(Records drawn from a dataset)
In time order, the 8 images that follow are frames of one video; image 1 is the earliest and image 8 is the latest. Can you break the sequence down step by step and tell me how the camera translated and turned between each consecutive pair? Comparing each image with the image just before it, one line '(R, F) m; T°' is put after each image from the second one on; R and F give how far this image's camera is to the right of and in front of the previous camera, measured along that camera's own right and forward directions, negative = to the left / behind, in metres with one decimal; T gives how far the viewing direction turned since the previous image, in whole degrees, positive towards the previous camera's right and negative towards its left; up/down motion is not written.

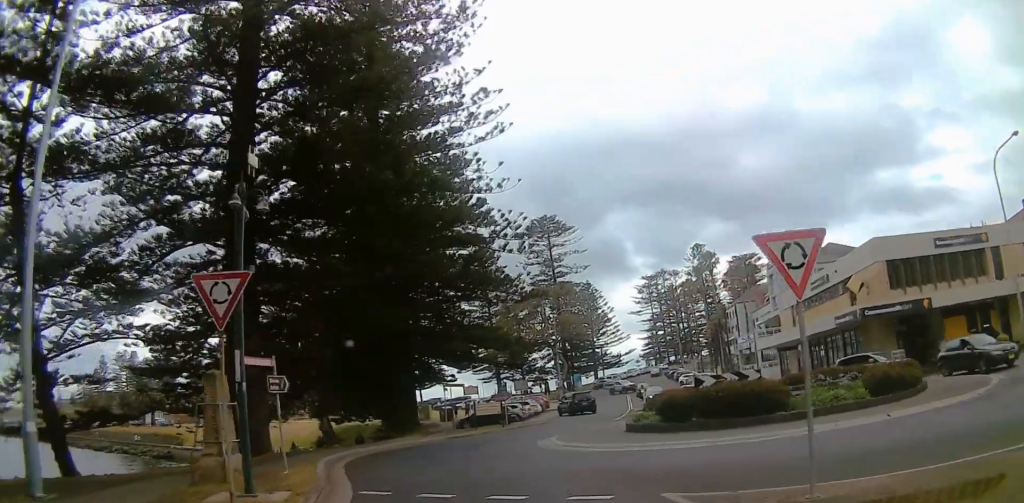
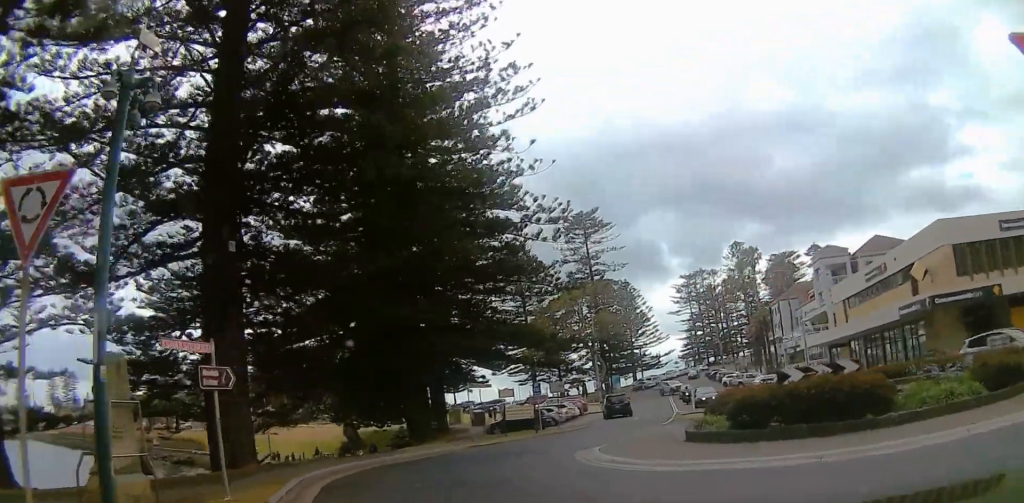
(0.0, +4.9) m; 0°
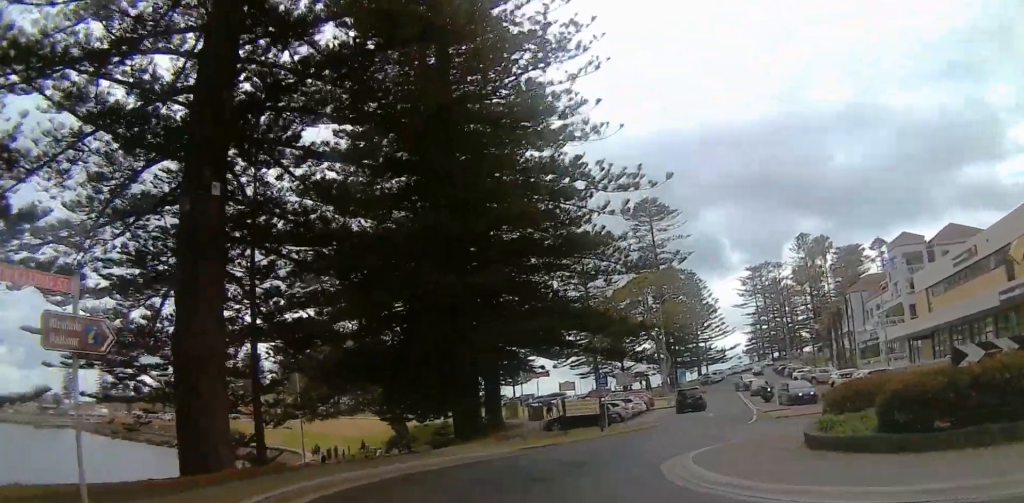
(0.0, +4.7) m; 0°
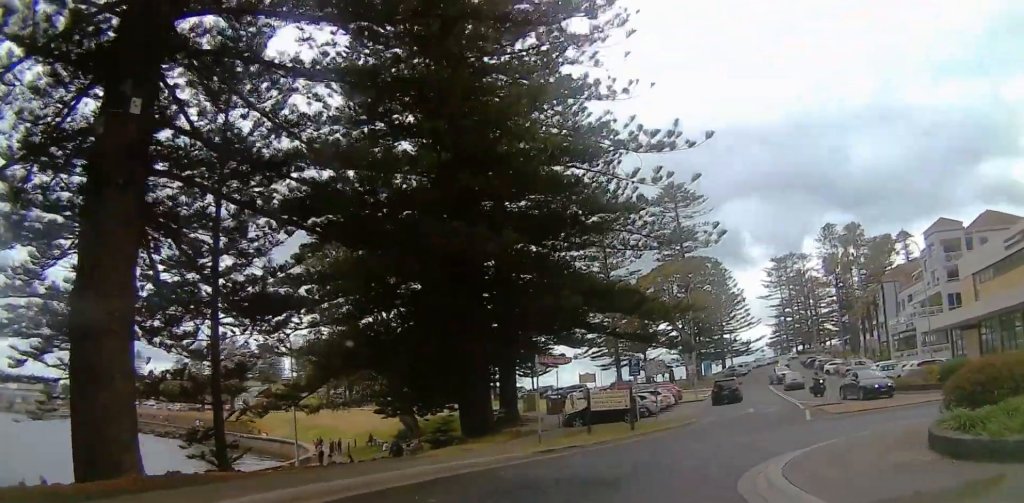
(0.0, +4.0) m; 0°
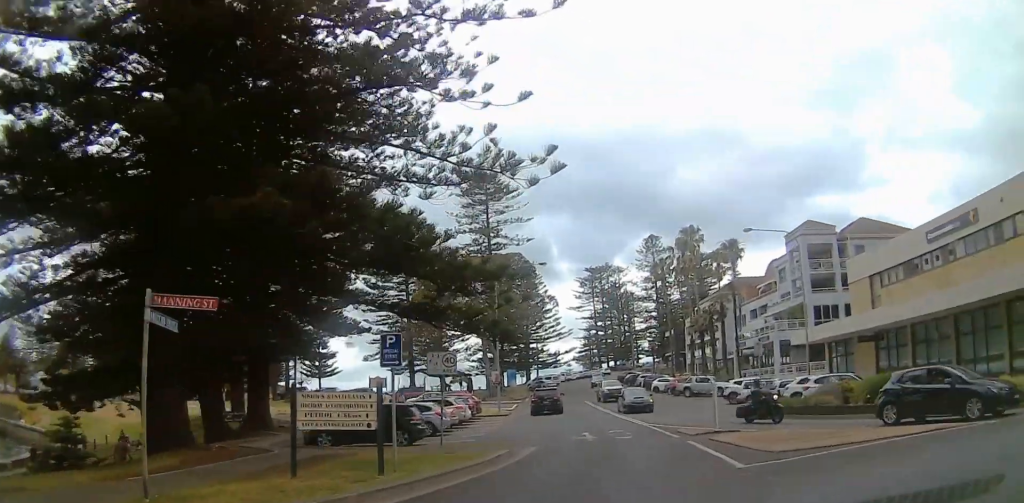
(0.0, +9.9) m; +5°
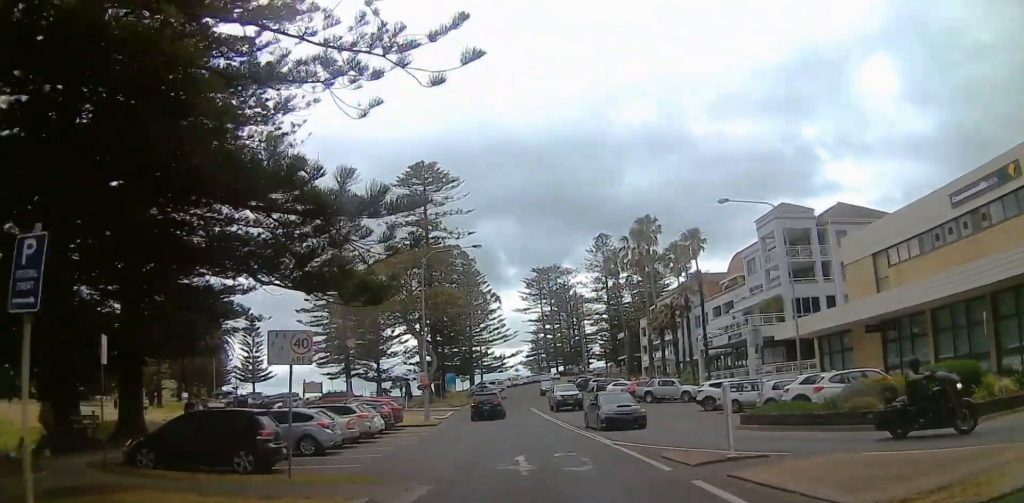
(+0.6, +7.2) m; +5°
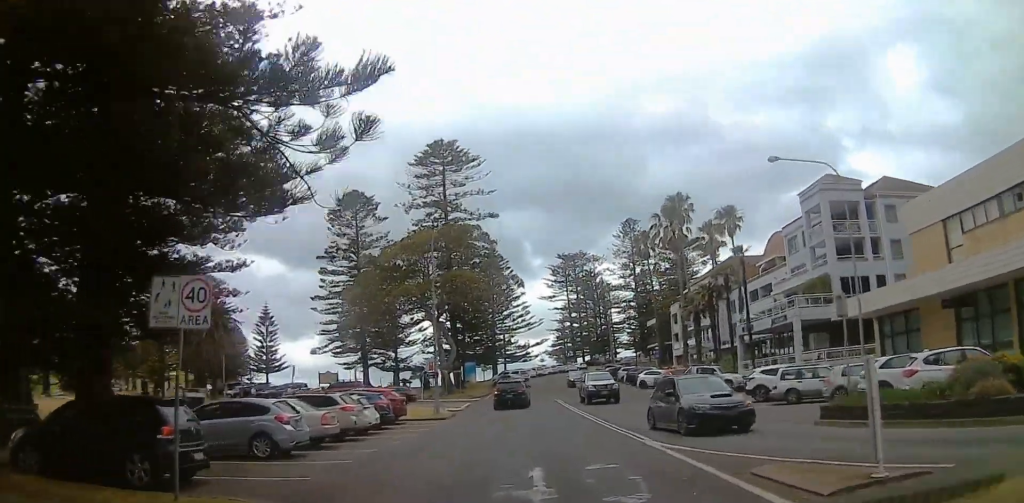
(0.0, +4.6) m; -5°
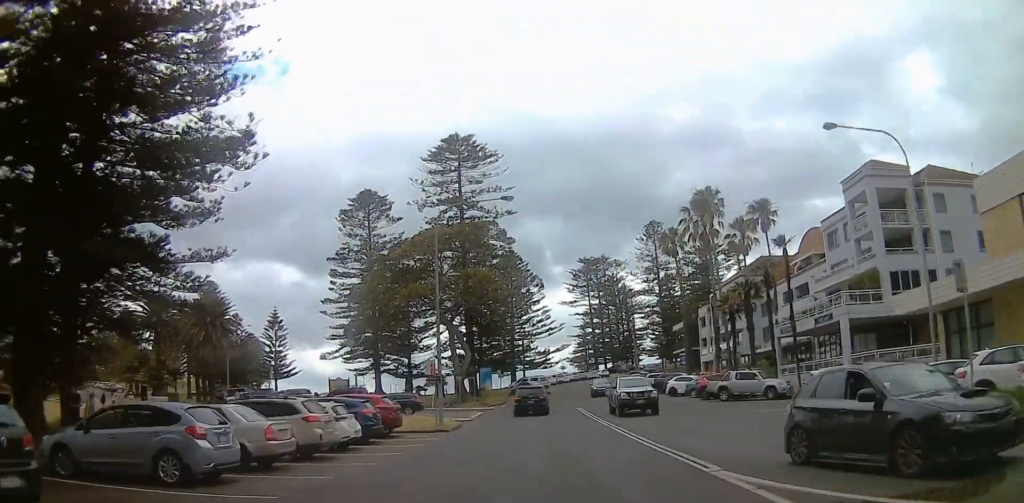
(-0.1, +4.7) m; -5°

Exercise objective:
Return all the records above exactly, pictures omitted.

Expected output:
In time order, the 8 images that follow are frames of one video; image 1 is the earliest and image 8 is the latest. Can you break the sequence down step by step and tell me how the camera translated and turned between each consecutive pair? Comparing each image with the image just before it, one line '(R, F) m; T°' is put after each image from the second one on; R and F give how far this image's camera is to the right of and in front of the previous camera, measured along that camera's own right and forward directions, negative = to the left / behind, in metres with one decimal; T gives how far the viewing direction turned since the previous image, in whole degrees, positive towards the previous camera's right and negative towards its left; up/down motion is not written.

(0.0, +4.9) m; 0°
(0.0, +4.7) m; 0°
(0.0, +4.0) m; 0°
(0.0, +9.9) m; +5°
(+0.6, +7.2) m; +5°
(0.0, +4.6) m; -5°
(-0.1, +4.7) m; -5°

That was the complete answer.